Once she had a close call flying in bad weather from Huntsville to Seattle. Thankfully, her flight instructors, experienced army veterans, had done an excellent job in preparing her for trouble. An example of her training was an emergency night landing, where she learned how to land in a tree and climb down rather than guess in the darkness about where the ground was. Another part of her training was this hair-raising scenario. Right before a touchdown, her instructor would jam the rudder, forcing her to get the plane back up in the air. “Every time there was a screech on the runway, people knew that the instructor was ready to solo someone, “ she recalls her training days. 

In the mid-1980s, Elayne moved to California to be closer to her family. She couldn’t keep up with caring for her mom, flying, plane maintenance, and the shortage and high costs of storage in her new hometown, so she finally sold her plane. Her passion for aviation has not ended, however. Elayne is an active member of the Nineny-Nines, a member of the AOPA (Aircraft Owners and Pilots Association), and has recently participated as a member of a T-6 crew at the Reno Air Races.

Nuclear Engineer

Although I’ve focused mainly on Elayne’s passion for aeronautics, she also had a successful career as a nuclear engineer. She smiles as she remembers days working on her master’s thesis in nuclear engineering, when computers came into play. They used IBM 730s, “big boxes with long stacks of punch cards,” which they had access to only between midnight and 3 am. Hard to imagine in today’s world.

Elayne held various jobs in the nuclear and power generation industries, ultimately working for the Washington Public Power Supply System (now Energy Northwest). “We did lots of good work there,” she says with pride.

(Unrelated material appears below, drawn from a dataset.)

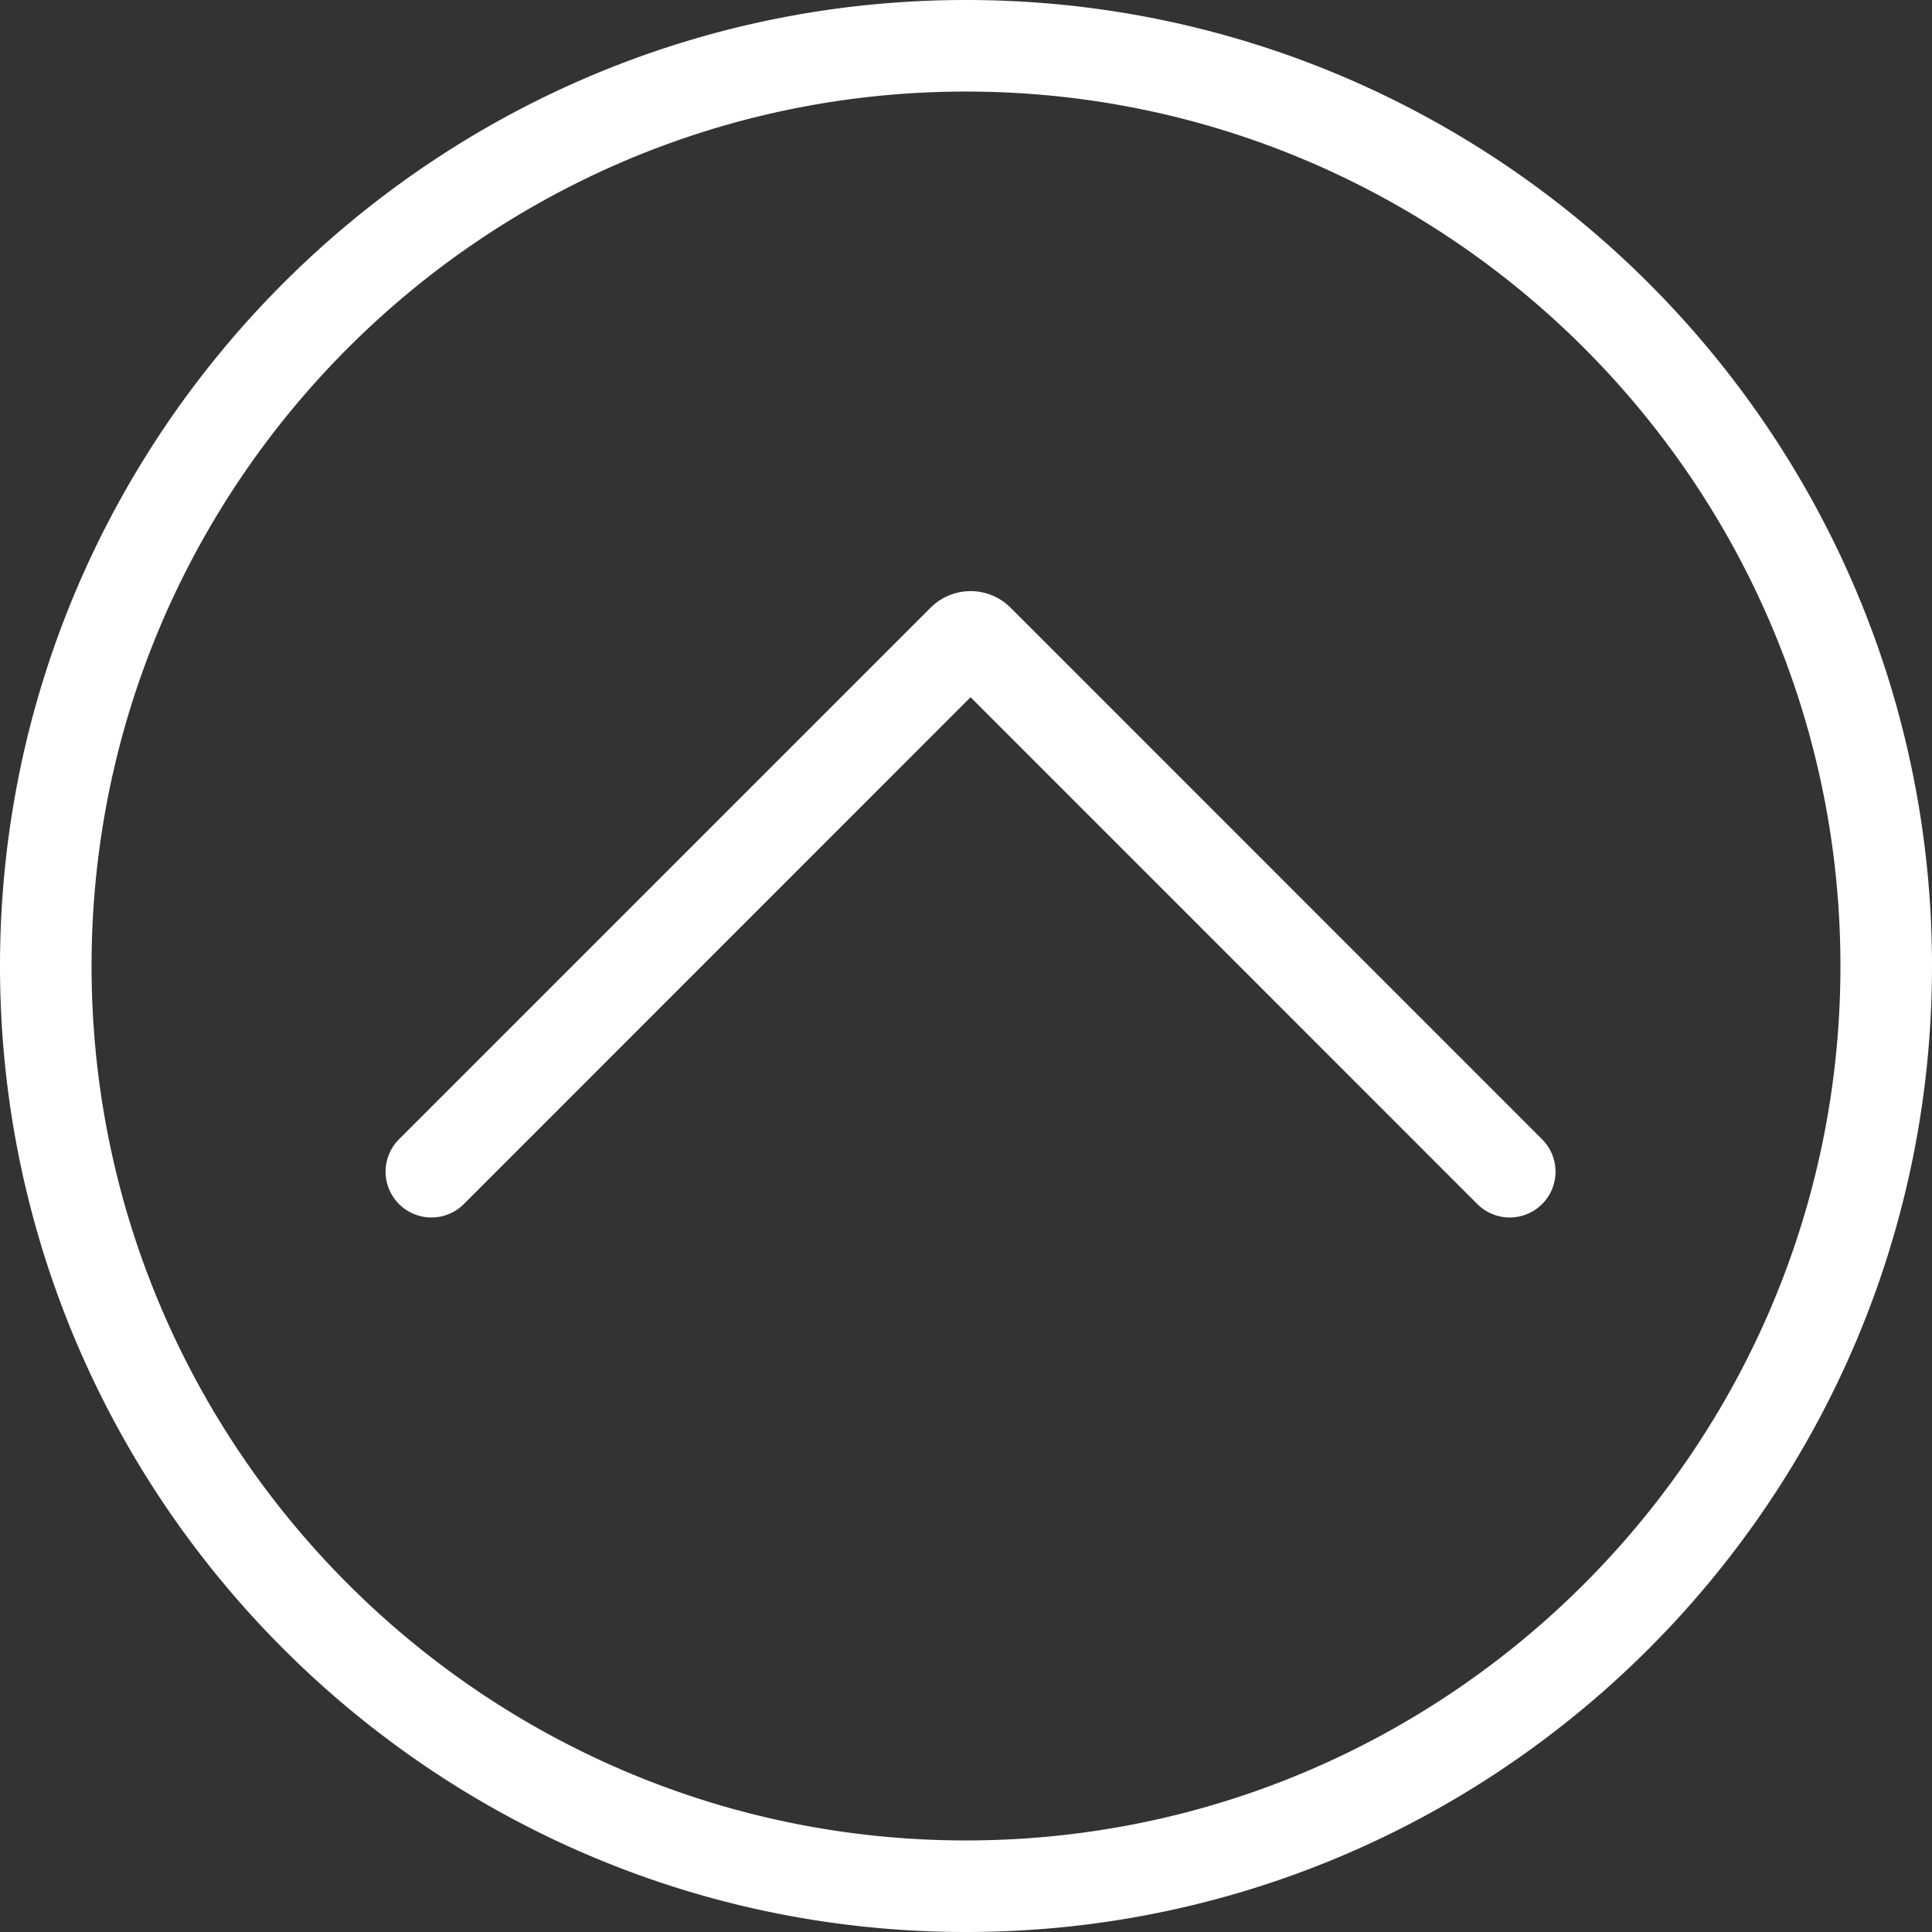 <svg xmlns="http://www.w3.org/2000/svg" viewBox="0 0 422 422"><rect x="0" y="0" width="422" height="422" fill="#333333" stroke="none"/><defs><style>.cls-1{fill:#fff;}</style></defs><g id="レイヤー_2" data-name="レイヤー 2"><g id="レイヤー_1-2" data-name="レイヤー 1"><path class="cls-1" d="M211,422C94.65,422,0,327.35,0,211S94.65,0,211,0,422,94.65,422,211,327.35,422,211,422Zm0-402C105.68,20,20,105.68,20,211s85.68,191,191,191,191-85.68,191-191S316.32,20,211,20ZM336.84,263a10,10,0,0,0,0-14.14L220.73,132.73a12.36,12.36,0,0,0-17.46,0L87.16,248.84A10,10,0,1,0,101.31,263L212,152.29,322.69,263a10,10,0,0,0,14.15,0Z"/></g></g></svg>

A small sample of a punch card from Elayne’s collection. During her nuclear engineering studies, they used IBM 730 computers with long stacks of punch cards.  They are pieces of rigid paper used to store digital information through the presence or absence of holes in predefined positions.

Life’s Takeaway

“I have not always put money at the forefront. The job and the content of the job were more important – and the company…,” Elayne pauses. “Once, I turned down a job where they didn’t allow their engineers to have coffee at their desks. When I sent them a ‘thank you, but no thank you’ reply, the personnel guy asked, ‘Was it the coffee?’ I said yes.”, she laughs. I believe that says it all.